§ **Exercise instructions**
Without any pictures, restate the full set of records below exactly.

§ **Data extract**
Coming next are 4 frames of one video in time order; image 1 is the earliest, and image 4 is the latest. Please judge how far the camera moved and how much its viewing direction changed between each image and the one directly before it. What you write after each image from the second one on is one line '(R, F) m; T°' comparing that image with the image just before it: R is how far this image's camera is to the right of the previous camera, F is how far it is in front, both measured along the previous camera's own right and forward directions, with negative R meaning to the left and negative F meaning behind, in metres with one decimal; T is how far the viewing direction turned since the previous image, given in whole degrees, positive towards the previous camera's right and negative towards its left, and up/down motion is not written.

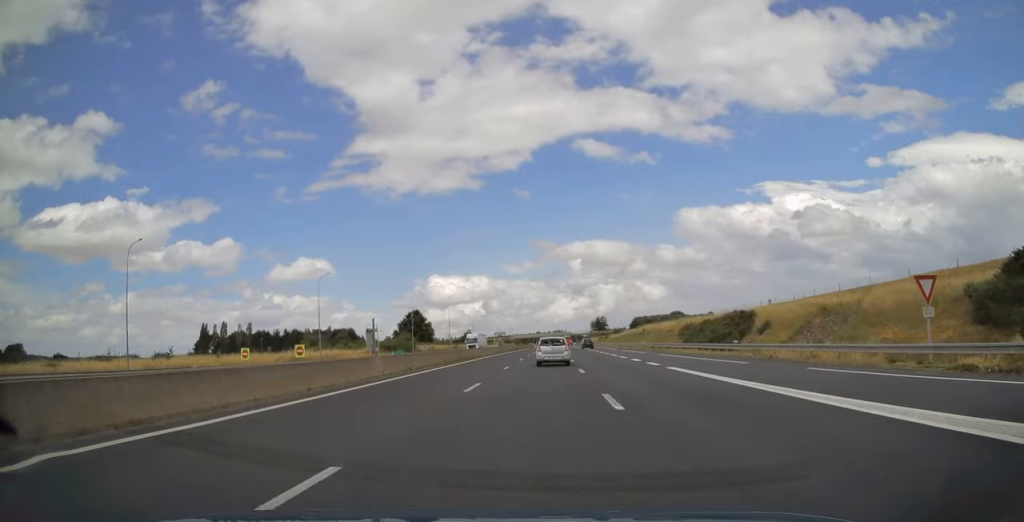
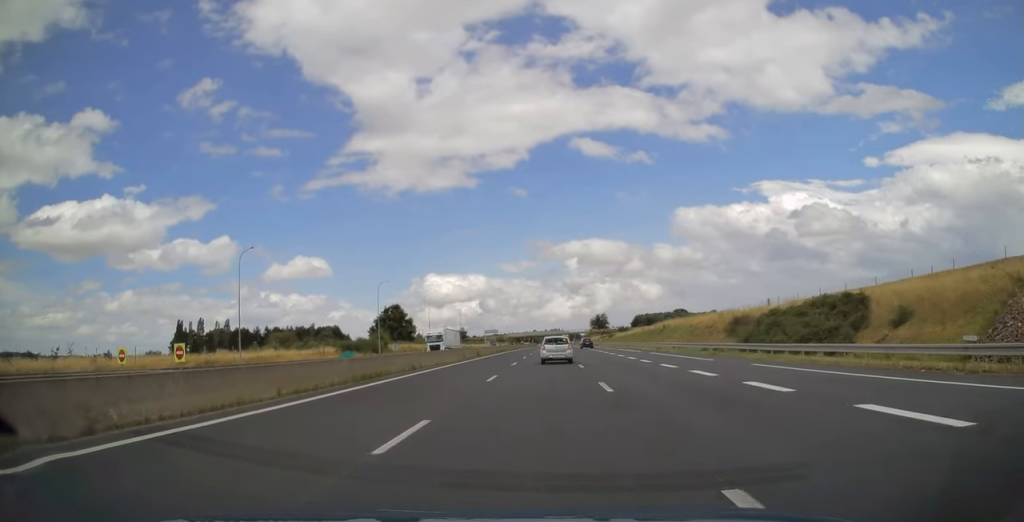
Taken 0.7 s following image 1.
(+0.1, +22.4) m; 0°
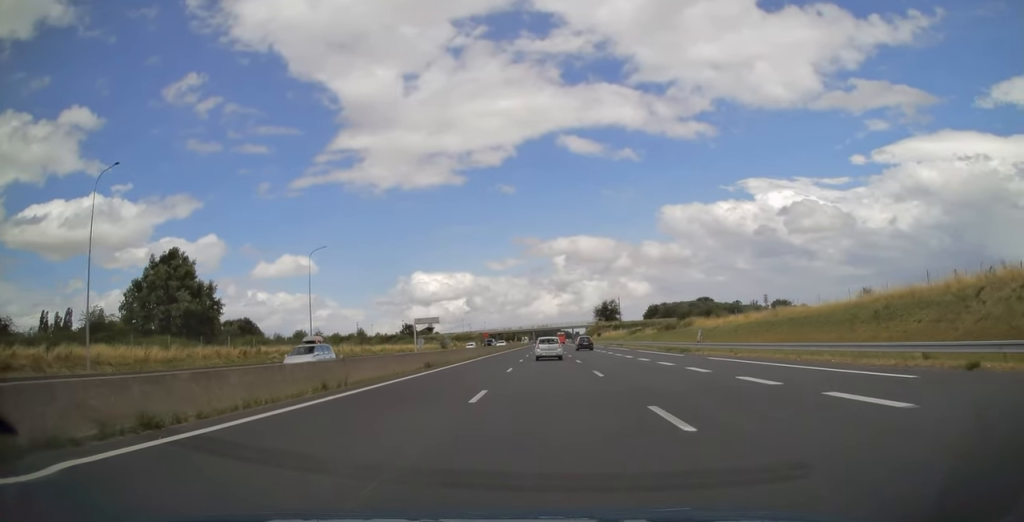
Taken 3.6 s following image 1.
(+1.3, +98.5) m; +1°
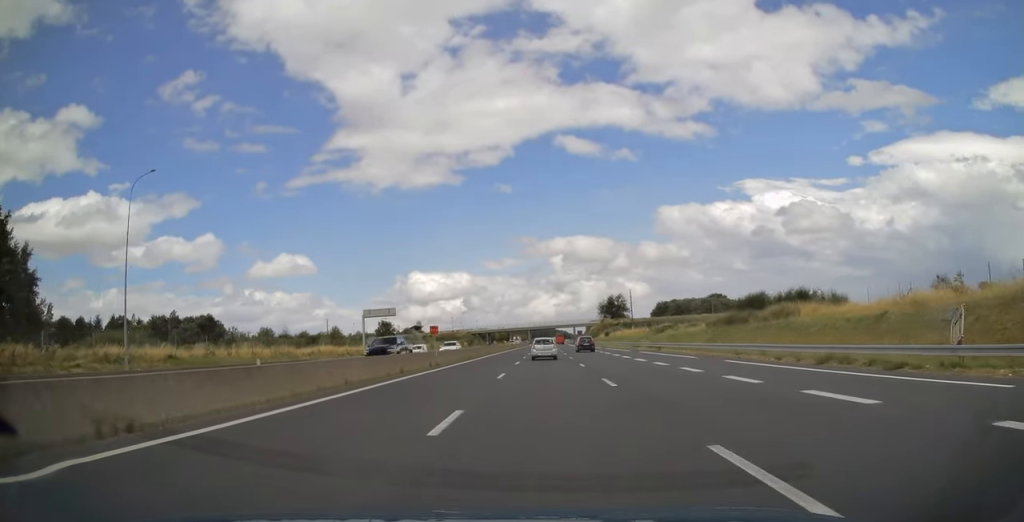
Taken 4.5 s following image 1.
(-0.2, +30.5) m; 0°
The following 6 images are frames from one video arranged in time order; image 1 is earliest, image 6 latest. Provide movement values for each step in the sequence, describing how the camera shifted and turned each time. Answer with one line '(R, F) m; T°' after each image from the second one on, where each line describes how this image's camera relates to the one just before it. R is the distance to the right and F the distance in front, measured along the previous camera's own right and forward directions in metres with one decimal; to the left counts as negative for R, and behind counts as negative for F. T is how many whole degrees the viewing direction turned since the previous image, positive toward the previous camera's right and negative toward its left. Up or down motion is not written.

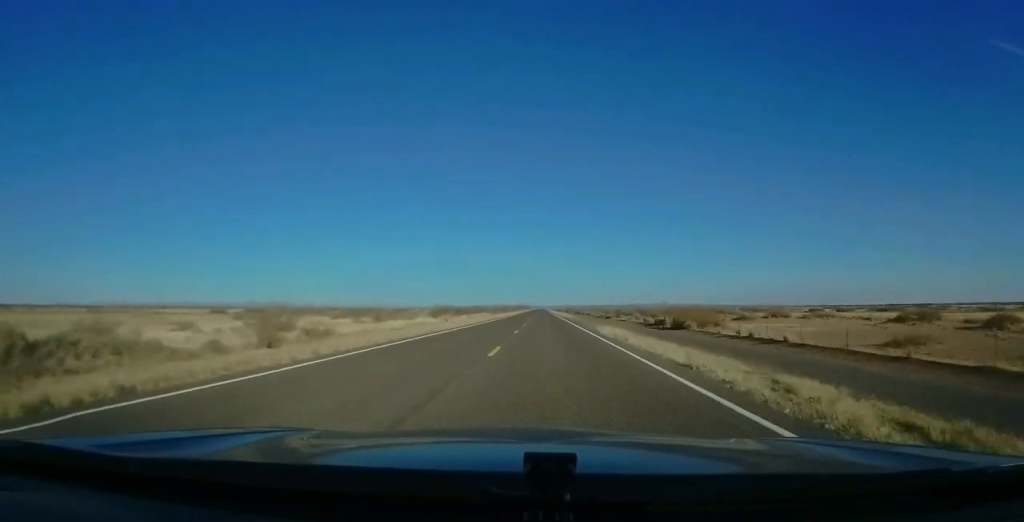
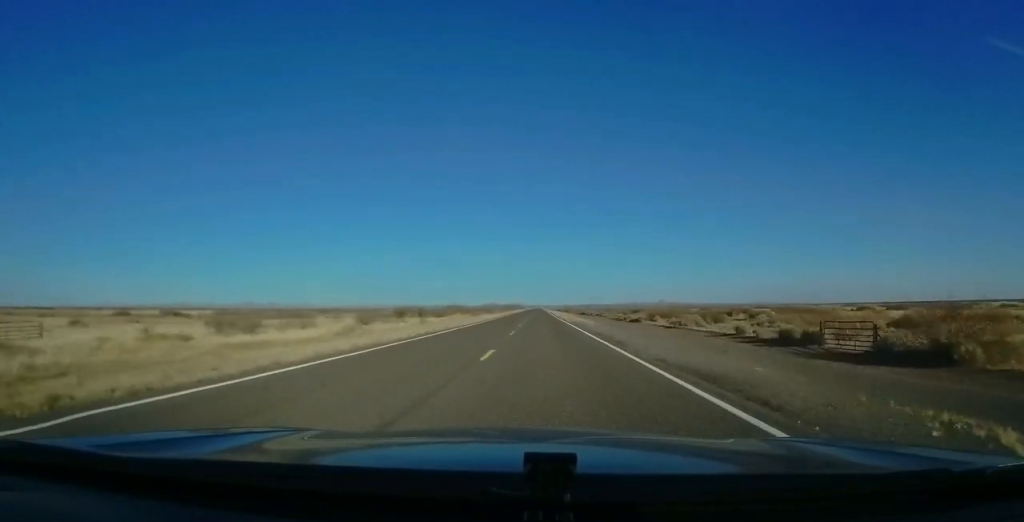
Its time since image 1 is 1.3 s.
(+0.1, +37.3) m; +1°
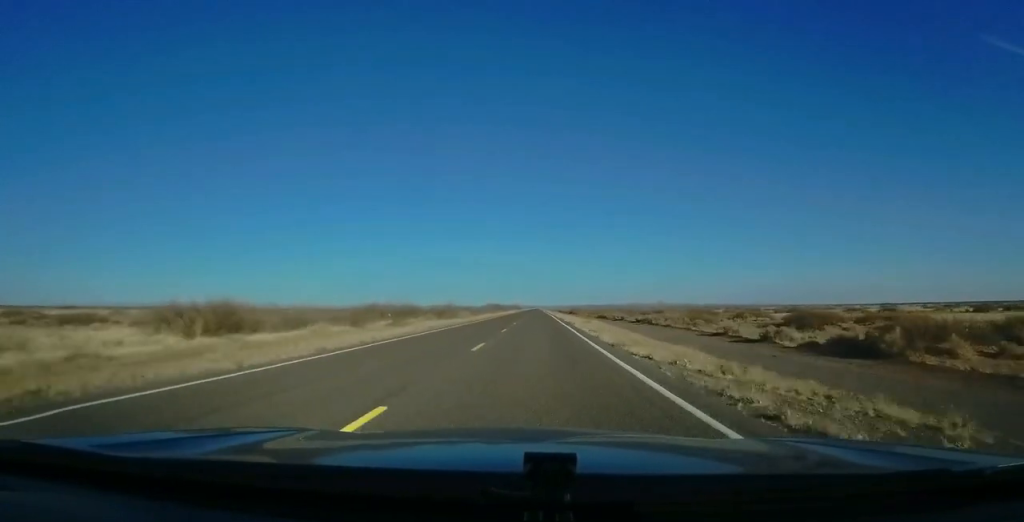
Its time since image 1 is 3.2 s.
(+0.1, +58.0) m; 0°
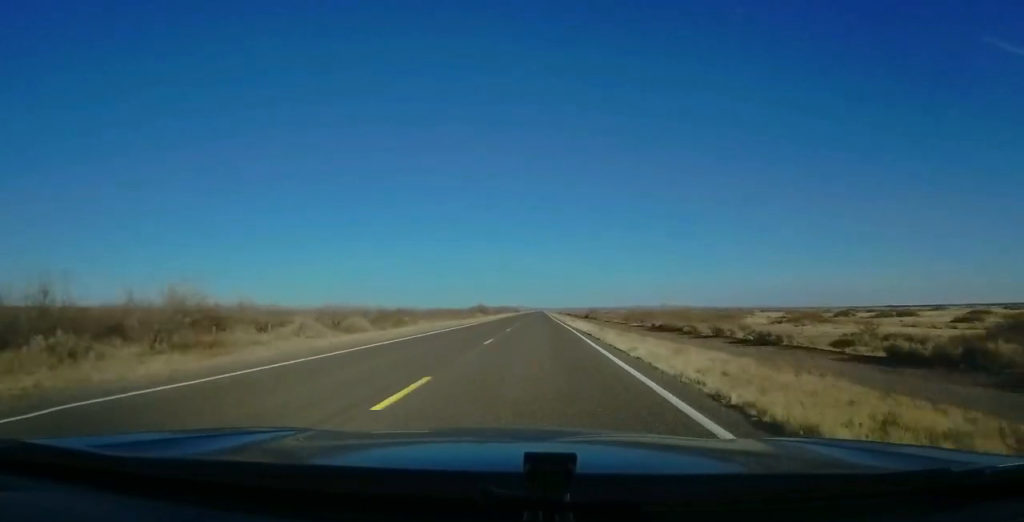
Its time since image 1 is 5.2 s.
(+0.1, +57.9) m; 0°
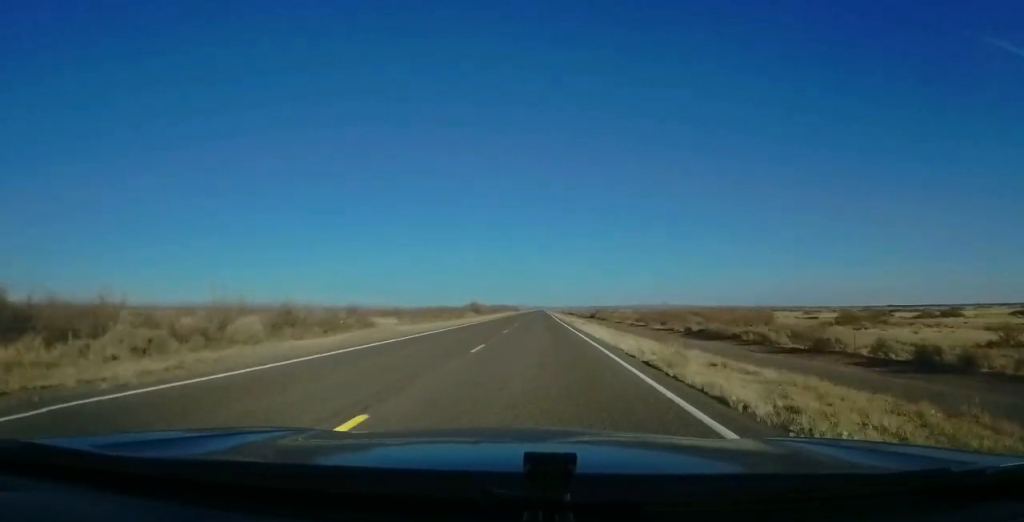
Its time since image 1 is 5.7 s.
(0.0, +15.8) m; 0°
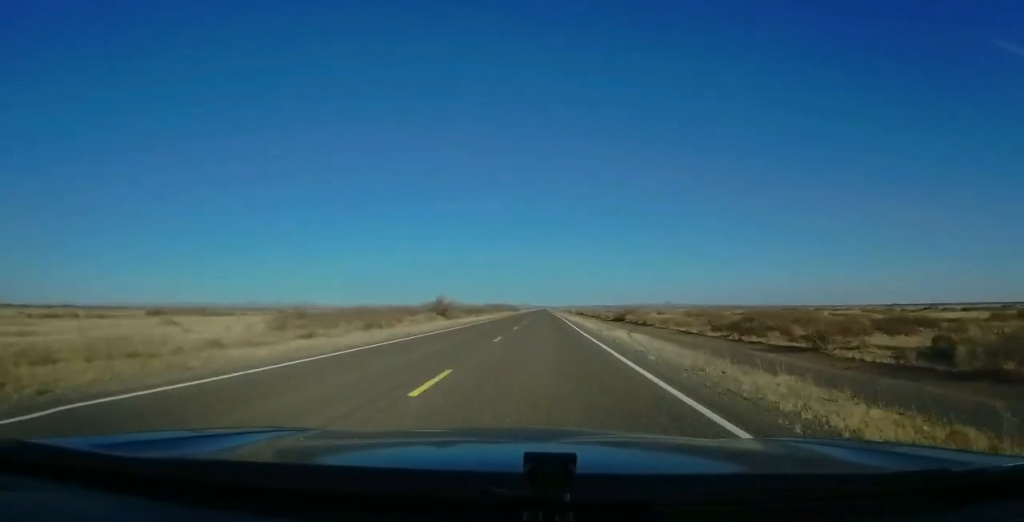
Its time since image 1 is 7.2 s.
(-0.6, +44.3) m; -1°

§ **Solution**
Coming next are 4 frames of one video in time order; image 1 is the earliest, and image 4 is the latest. Please judge how far the camera moved and how much its viewing direction changed between each image and the one directly before it. What you write after each image from the second one on is one line '(R, F) m; T°' comparing that image with the image just before it: R is how far this image's camera is to the right of the previous camera, F is how far it is in front, both measured along the previous camera's own right and forward directions, with negative R meaning to the left and negative F meaning behind, in metres with one decimal; T is how far the viewing direction turned since the previous image, given in whole degrees, positive towards the previous camera's right and negative towards its left, and up/down motion is not written.

Taken 0.7 s following image 1.
(+0.1, +22.4) m; 0°
Taken 3.6 s following image 1.
(+1.3, +98.5) m; +1°
Taken 4.5 s following image 1.
(-0.2, +30.5) m; 0°
The following 6 images are frames from one video arranged in time order; image 1 is earliest, image 6 latest. Provide movement values for each step in the sequence, describing how the camera shifted and turned each time. Answer with one line '(R, F) m; T°' after each image from the second one on, where each line describes how this image's camera relates to the one just before it. R is the distance to the right and F the distance in front, measured along the previous camera's own right and forward directions in metres with one decimal; to the left counts as negative for R, and behind counts as negative for F. T is how many whole degrees the viewing direction turned since the previous image, positive toward the previous camera's right and negative toward its left. Up or down motion is not written.

Its time since image 1 is 1.3 s.
(+0.1, +37.3) m; +1°
Its time since image 1 is 3.2 s.
(+0.1, +58.0) m; 0°
Its time since image 1 is 5.2 s.
(+0.1, +57.9) m; 0°
Its time since image 1 is 5.7 s.
(0.0, +15.8) m; 0°
Its time since image 1 is 7.2 s.
(-0.6, +44.3) m; -1°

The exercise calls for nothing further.